During one of my one hour car rides to soccer practice, I realized that I wanted to stop playing Academy level club soccer. How did I make this decision? 1) I knew that I would not be a professional soccer player because I was not one of the better players on the team, 2) I could continue exercising my competitive spirit, team building, and leadership skills if I played on my high school soccer team and dedicated the newly opened free time to figure out what I cared about in the world.
When I quit, I was lost at first, spending hours consumed by Snapchat, my friend group chat, and thinking about girls! I quickly became restless and knew that I wouldn’t be satisfied or fulfilled if I didn’t channel my energy towards productive and impactful extracurriculars.

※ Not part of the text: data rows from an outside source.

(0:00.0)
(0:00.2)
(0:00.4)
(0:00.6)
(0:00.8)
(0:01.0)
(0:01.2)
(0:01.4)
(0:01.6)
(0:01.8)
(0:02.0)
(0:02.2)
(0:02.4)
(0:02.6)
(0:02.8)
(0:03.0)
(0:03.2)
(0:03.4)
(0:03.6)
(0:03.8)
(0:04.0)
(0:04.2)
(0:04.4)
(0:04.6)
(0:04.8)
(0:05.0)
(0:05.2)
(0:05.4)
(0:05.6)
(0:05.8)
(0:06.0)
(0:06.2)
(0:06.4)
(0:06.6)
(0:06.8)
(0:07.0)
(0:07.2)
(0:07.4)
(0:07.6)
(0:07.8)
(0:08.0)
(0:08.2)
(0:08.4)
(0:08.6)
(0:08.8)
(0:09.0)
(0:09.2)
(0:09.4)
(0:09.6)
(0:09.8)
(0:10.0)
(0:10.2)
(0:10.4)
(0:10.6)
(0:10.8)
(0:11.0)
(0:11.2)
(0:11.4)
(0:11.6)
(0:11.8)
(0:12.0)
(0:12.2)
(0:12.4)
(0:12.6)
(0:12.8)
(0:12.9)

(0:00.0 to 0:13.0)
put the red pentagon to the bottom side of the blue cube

I didn’t know where or how to start. I didn’t want to listen to my parents because I was somewhat of a rebellious child during the start of high school, but in hindsight, they were both extremely supportive through this process. They encouraged me to pursue my unique path and when I told them I wasn’t inspired to pursue any of the cookie-cutter extracurriculars typically offered in high school, they helped give me the confidence to break the mold. I recognize my immense privilege coming from a school like Harvard-Westlake that equipped me with the resources and support to make my dreams a reality. Looking back, I wish I could’ve had a mentor to help guide me through this process because I didn’t always listen to my parents!

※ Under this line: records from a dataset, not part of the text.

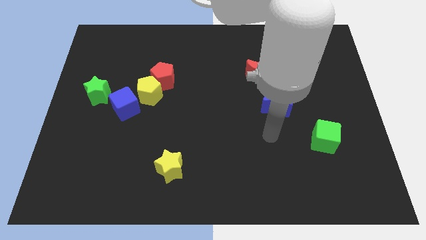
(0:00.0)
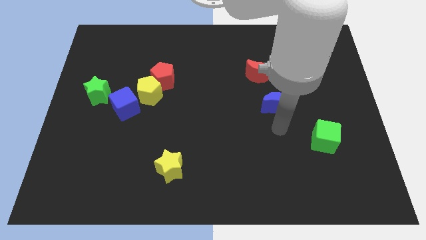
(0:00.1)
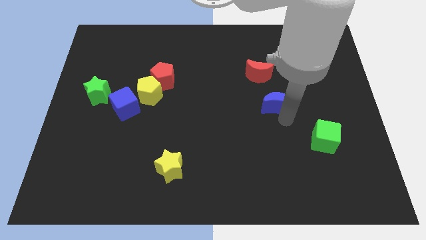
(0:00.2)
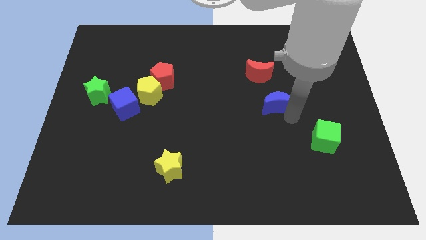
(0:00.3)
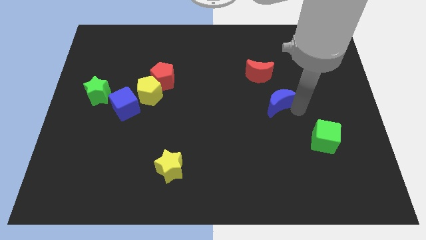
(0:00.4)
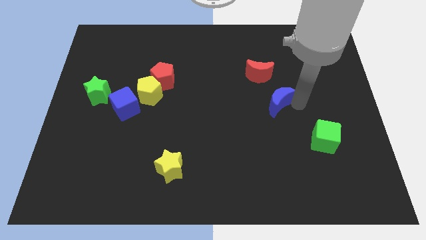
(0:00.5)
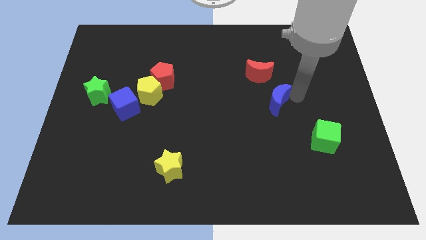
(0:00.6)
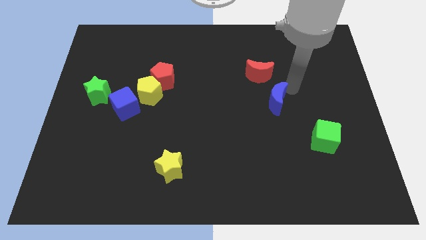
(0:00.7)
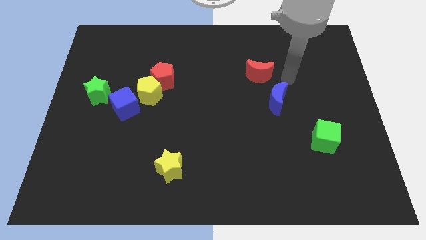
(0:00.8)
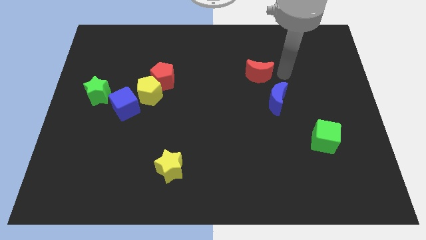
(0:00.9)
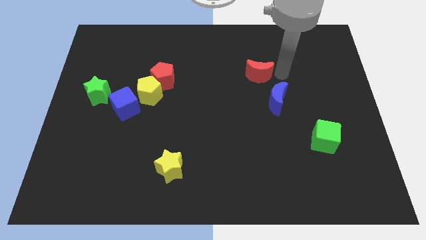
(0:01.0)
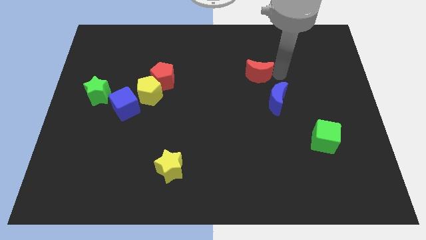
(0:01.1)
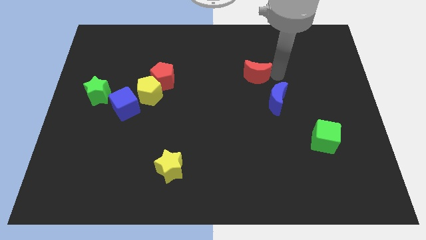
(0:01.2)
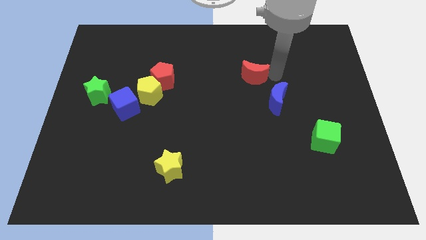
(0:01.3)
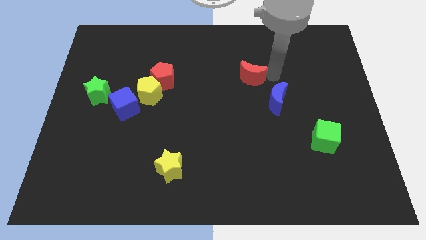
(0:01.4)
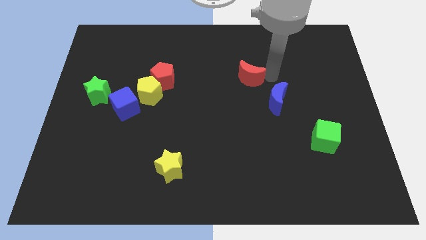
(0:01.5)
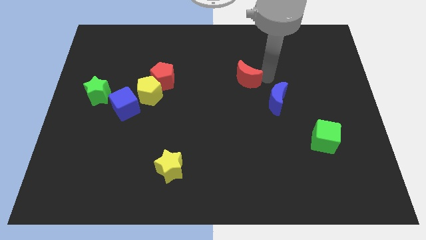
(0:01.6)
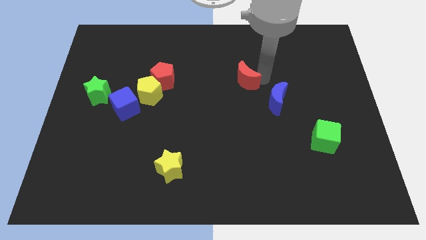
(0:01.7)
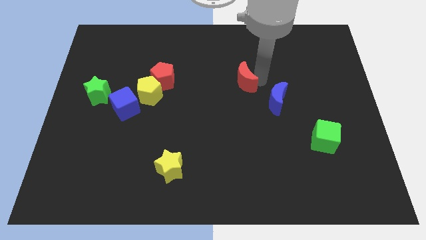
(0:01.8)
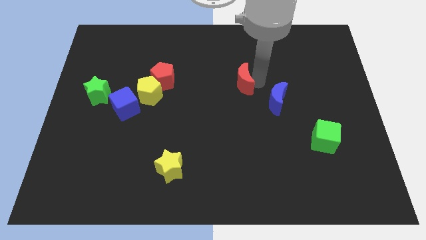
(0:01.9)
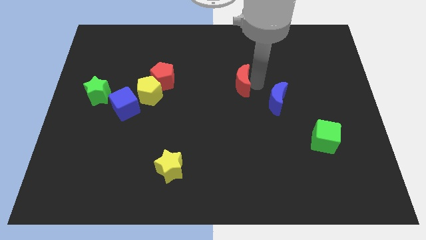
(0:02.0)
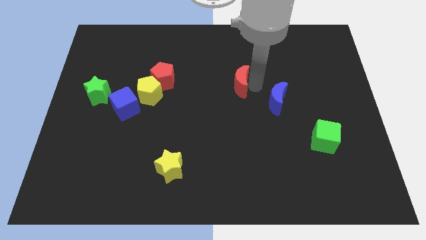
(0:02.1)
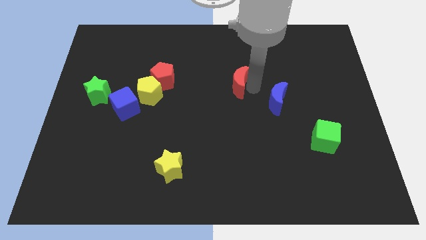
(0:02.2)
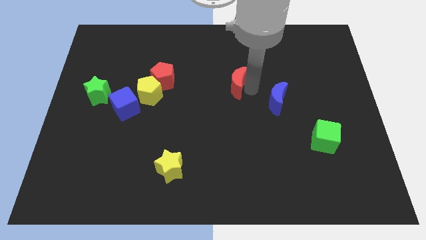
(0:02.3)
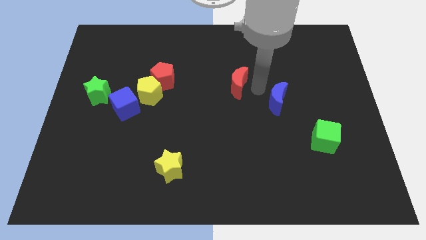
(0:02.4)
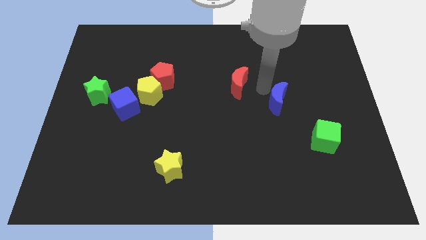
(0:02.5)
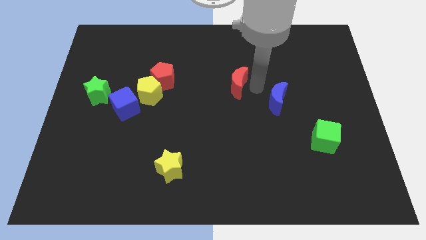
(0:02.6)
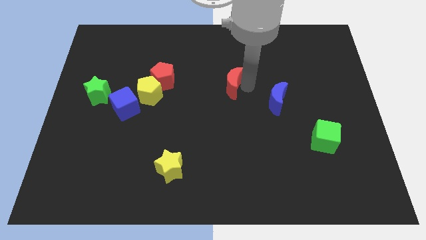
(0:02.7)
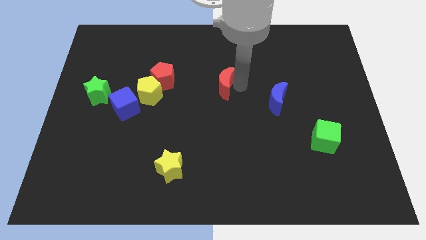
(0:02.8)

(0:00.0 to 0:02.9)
push the red moon to the right side of the red pentagon

I wanted to be independent, so I did something unusual for a highschooler: I sat down and took out a white piece of paper, and I wrote all of the things that I was good at and all of the things I was interested in and circled where there was overlap. Physics, math, and airplanes, and business, problem solving, travel, taking risks, and French were the two trends that I observed, so I decided to pursue these deeply for the subsequent 3 years. This exercise fundamentally changed my academic and professional aspirations, inspiring me to hone in on the things I loved most.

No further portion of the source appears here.